The main downside of downstream caches is that it's difficult to replicate them in local development environments. This isn't necessarily a bad thing, because seeing the latest version of something is usually very useful. But, when developing new features (especially those that make use of private data), you should consider testing the feature out in preprod as an important step in that feature's life-cycle.

2. Internal caching

All hosted versions of the project have access to a simple key/value store (separate from the database), which apps interact with indirectly, via Django's generic cache framework.

How does it work?

Being a Django-based CMS, Wagtail makes heavy use of Django's low-level cache API to improve the performance in many places, as do some features in this codebase.
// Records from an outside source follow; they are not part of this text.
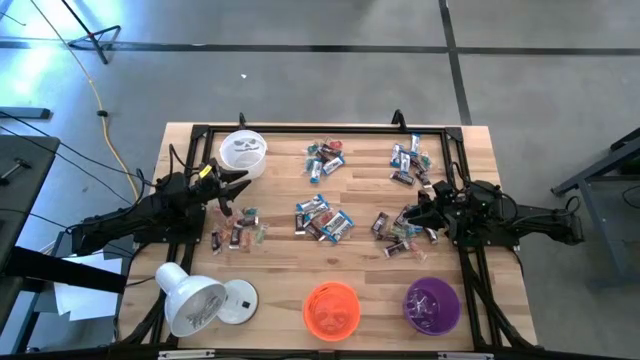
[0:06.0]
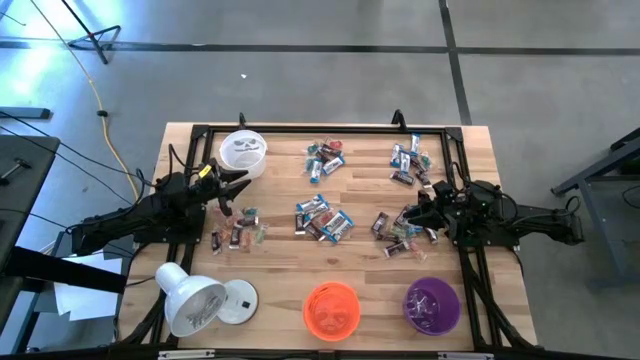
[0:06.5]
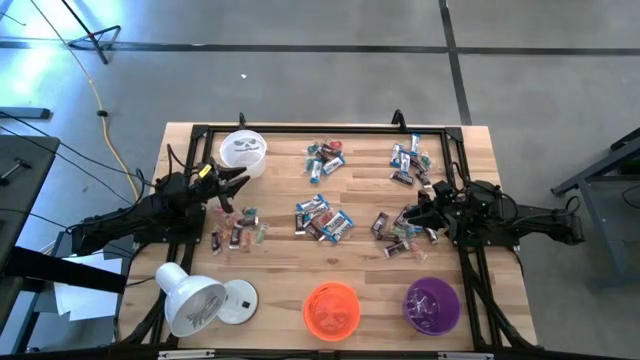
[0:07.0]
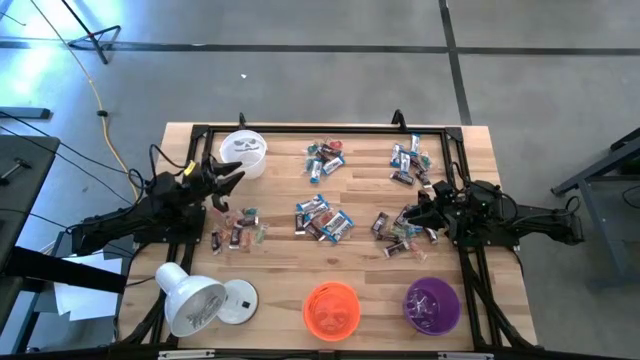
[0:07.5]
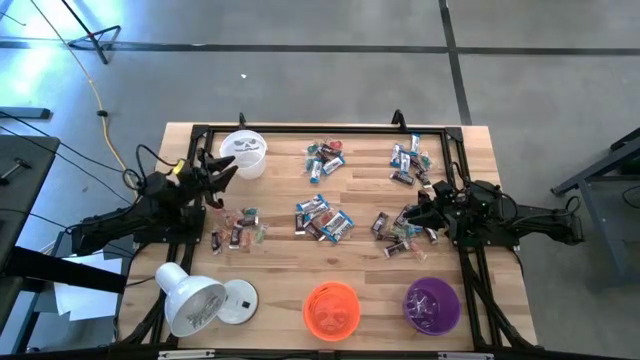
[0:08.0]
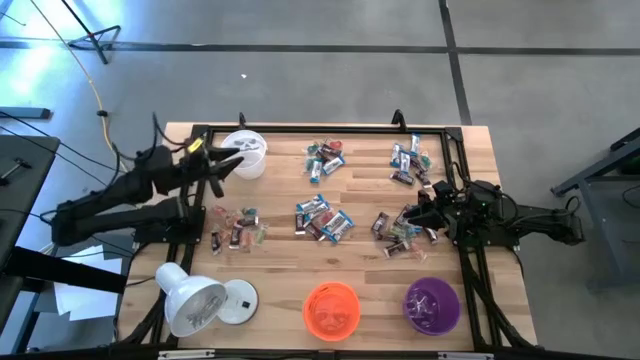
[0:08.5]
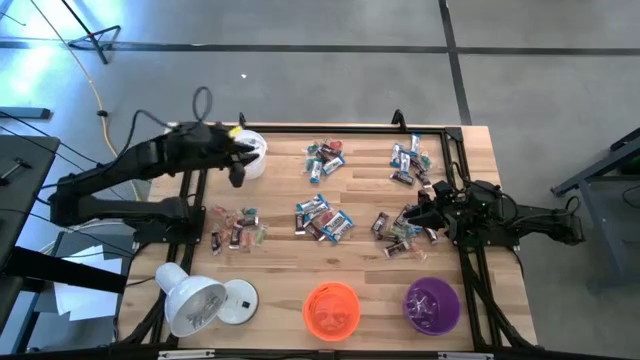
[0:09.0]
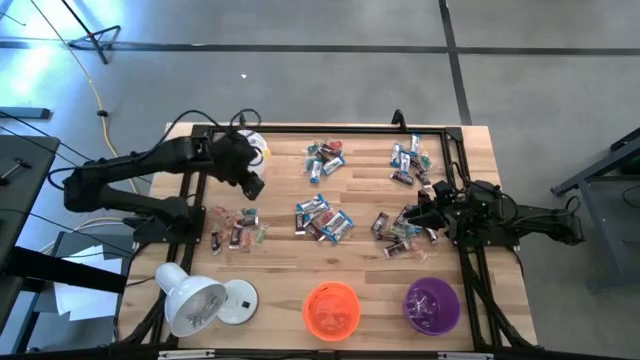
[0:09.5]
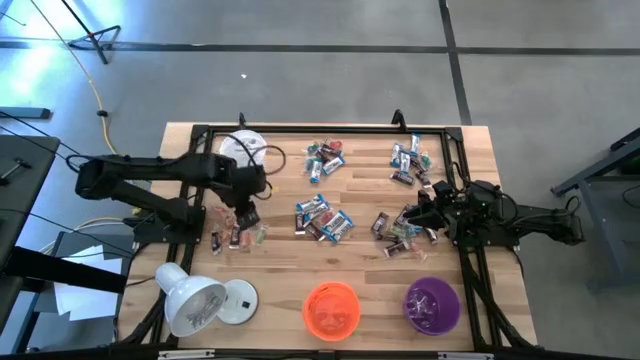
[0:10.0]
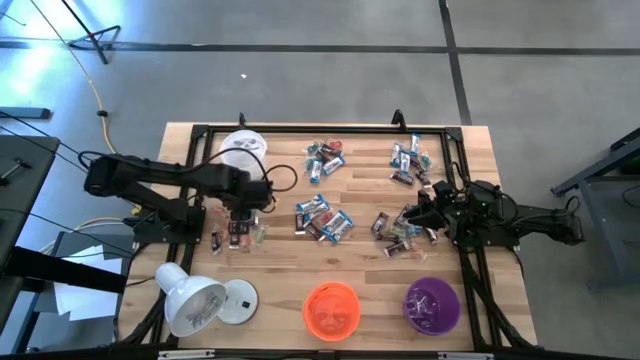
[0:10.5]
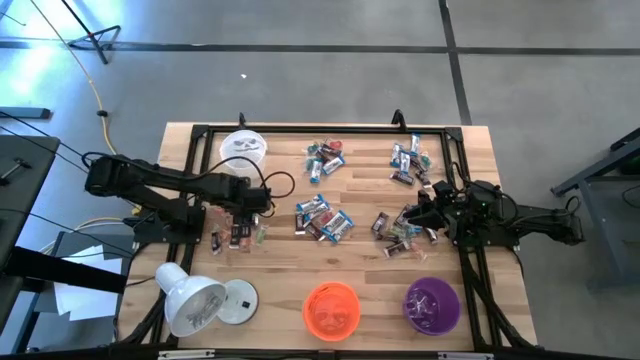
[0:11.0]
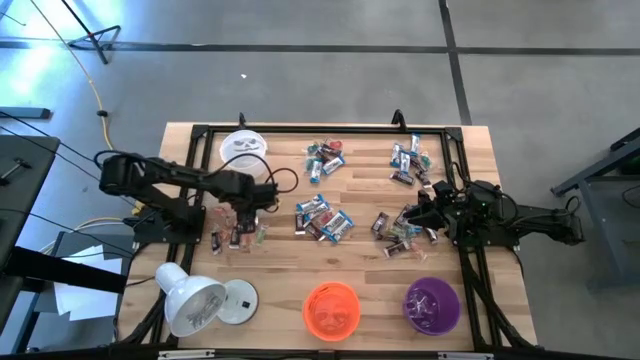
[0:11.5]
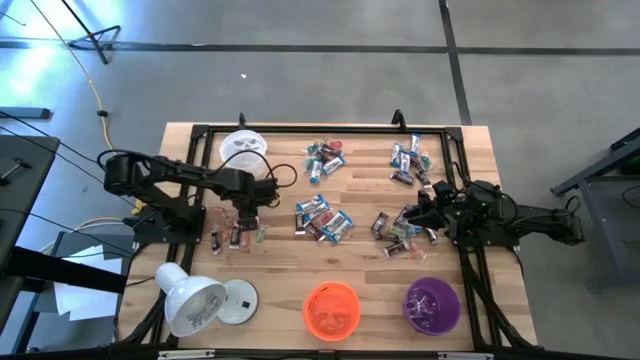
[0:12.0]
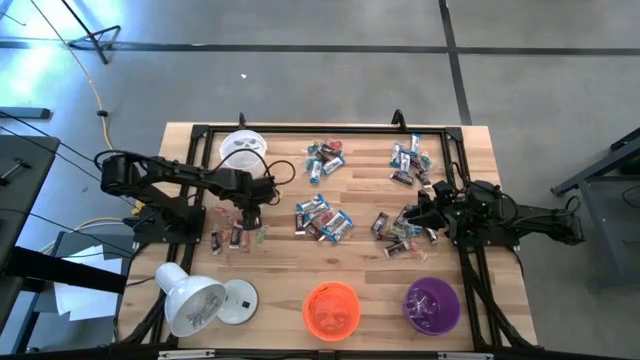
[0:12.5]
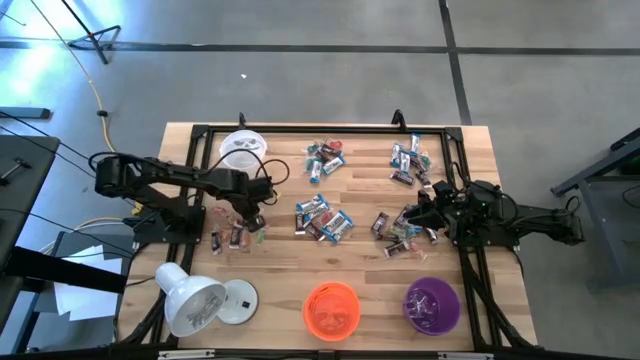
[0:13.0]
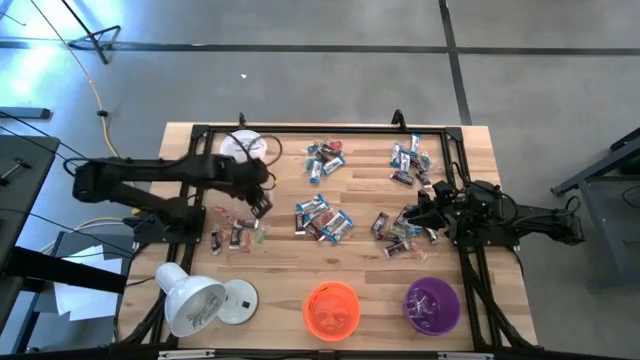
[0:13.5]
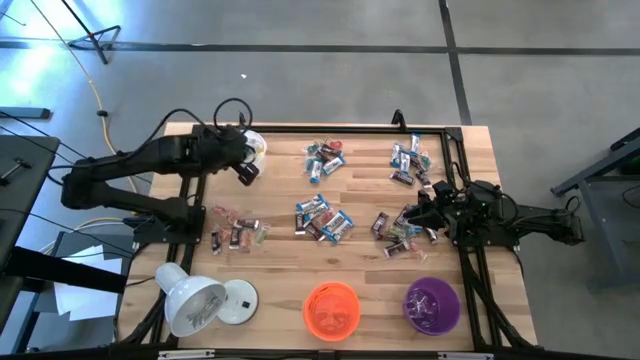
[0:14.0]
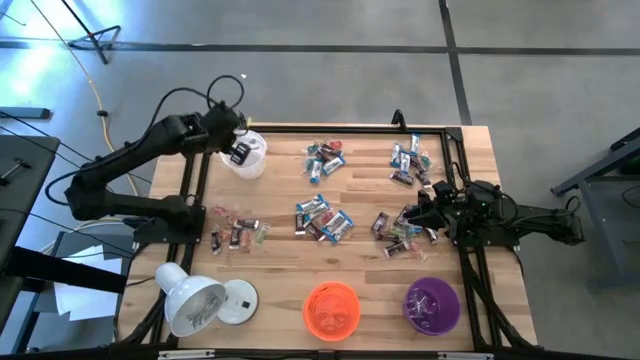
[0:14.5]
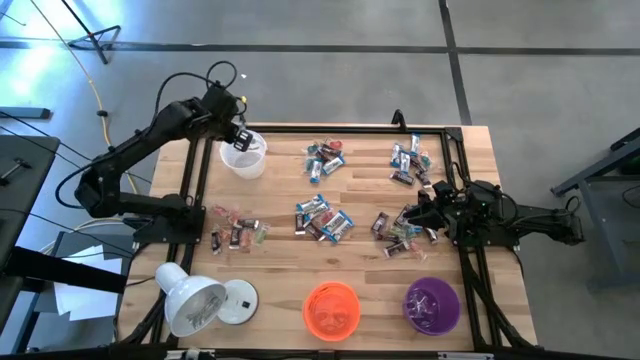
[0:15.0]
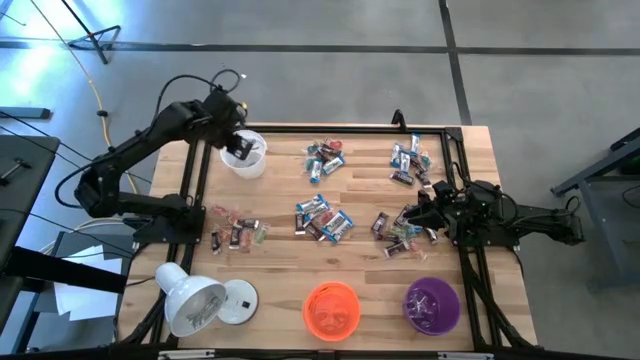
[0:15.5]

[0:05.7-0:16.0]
Task: Organize candy in baskets
Put the blue gummy into the white bucket

Generally speaking, the cache framework is useful for caching small chunks of non-sensitive data that doesn't change very often, and would otherwise need to be repeatedly fetched from the database using one or many expensive queries. Lookups still have an overhead, but fetching data from a cache is generally much faster than fetching the same data from a database.

How invalidation works

In general, you shouldn't have to worry about invalidating it this type of cache manually, because features that use the low-level cache API will typically use some kind of 'hook' offered by Django or Wagtail to automatically clear or replace cached data when it becomes invalid. However, having the option to manually purge CAN be useful in some circumstances (for example, when experiencing cache-related errors after a Django upgrade).

The most convenient method way to purge a cache manually is to submit a "Django cache" purge request from the "Purge" menu within Wagtail. Or, if the CMS is inaccessible for some reason, you can SSH into the container, fire up a Django shell, and interact with the API directly.
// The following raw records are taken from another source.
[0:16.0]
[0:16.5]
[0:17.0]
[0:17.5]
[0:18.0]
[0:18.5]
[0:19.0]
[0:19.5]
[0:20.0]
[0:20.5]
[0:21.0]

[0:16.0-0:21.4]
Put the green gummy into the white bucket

TIP: You should be able to find most signal-related code in signal_handlers.py (where the functions are defined) and apps.py (where they are connected to signals).

Replicating things locally

Thanks to Django's generic APIs, you can easily benefit from (and test the impact of) this type of caching locally, without adding a bunch of complication to your local setup.

By default, Django's Local-memory cache backend is enabled for development environments, which simply stores values in local memory until the app restarts. However, you are welcome to experiment with other backends by overriding the CACHES setting value in your personal local.py settings file.